### PROBLEM REQUIREMENTS
Nothing but the lines from the one that holds "Is this a fixed-width" through the end of the material should be repeated, each exactly as it stands, and pictures stay out.

### AVAILABLE DATA
——————————

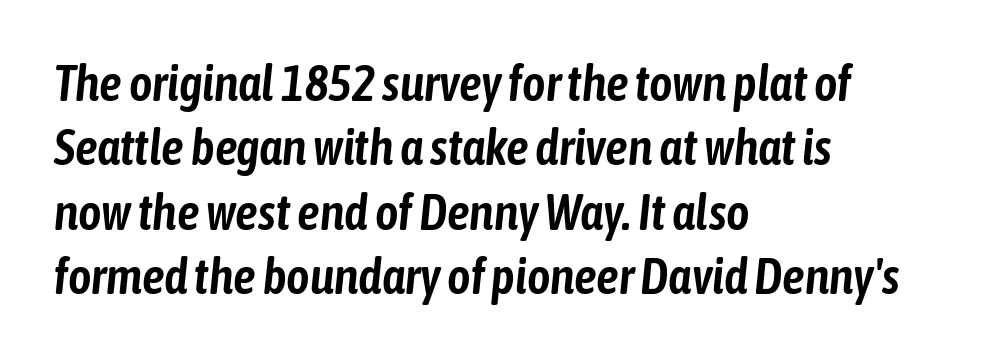
The image shows 50 px condensed type, italic (leaning right); set left-aligned, normal line spacing (1.29x), normal letter spacing, not underlined; low stroke contrast and a medium x-height.
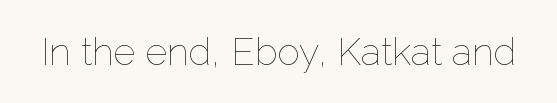
Is this a fixed-width face? No — the glyphs have proportional, varying widths. Each stroke keeps to a modest, everyday thickness or less. A typesetter would mark this as roman, not italic. Clear beneath every line of the passage. No extra tracking has been applied to these lines.
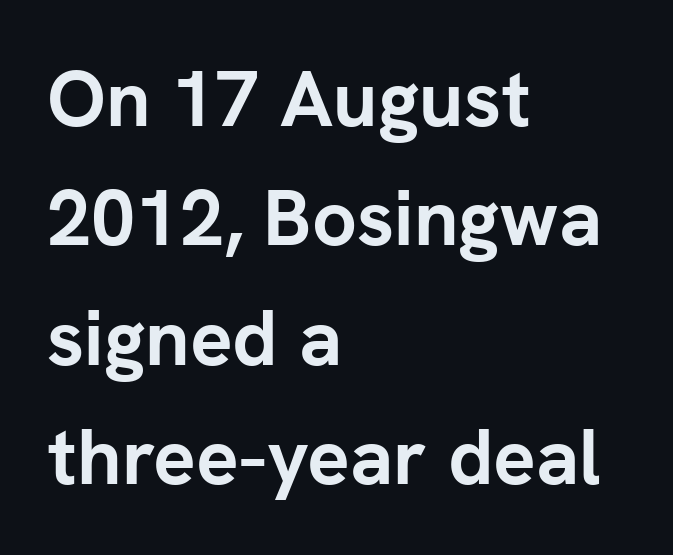
{"serif": "no", "italic": "no", "bold": "yes", "weight": "semibold", "width": "normal", "stroke_contrast": "low", "x_height": "medium", "monospaced": "no", "underline": "no", "align": "left", "line_spacing": "normal", "line_spacing_ratio": 1.51, "letter_spacing": "normal", "letter_spacing_em": 0.0, "glyph_px": 79}

——————————

### REPLY TO THE TASK
Is this a fixed-width face? No — the glyphs have proportional, varying widths. Each stroke keeps to a modest, everyday thickness or less. A typesetter would mark this as roman, not italic. Clear beneath every line of the passage. No extra tracking has been applied to these lines.
{"serif": "no", "italic": "no", "bold": "yes", "weight": "semibold", "width": "normal", "stroke_contrast": "low", "x_height": "medium", "monospaced": "no", "underline": "no", "align": "left", "line_spacing": "normal", "line_spacing_ratio": 1.51, "letter_spacing": "normal", "letter_spacing_em": 0.0, "glyph_px": 79}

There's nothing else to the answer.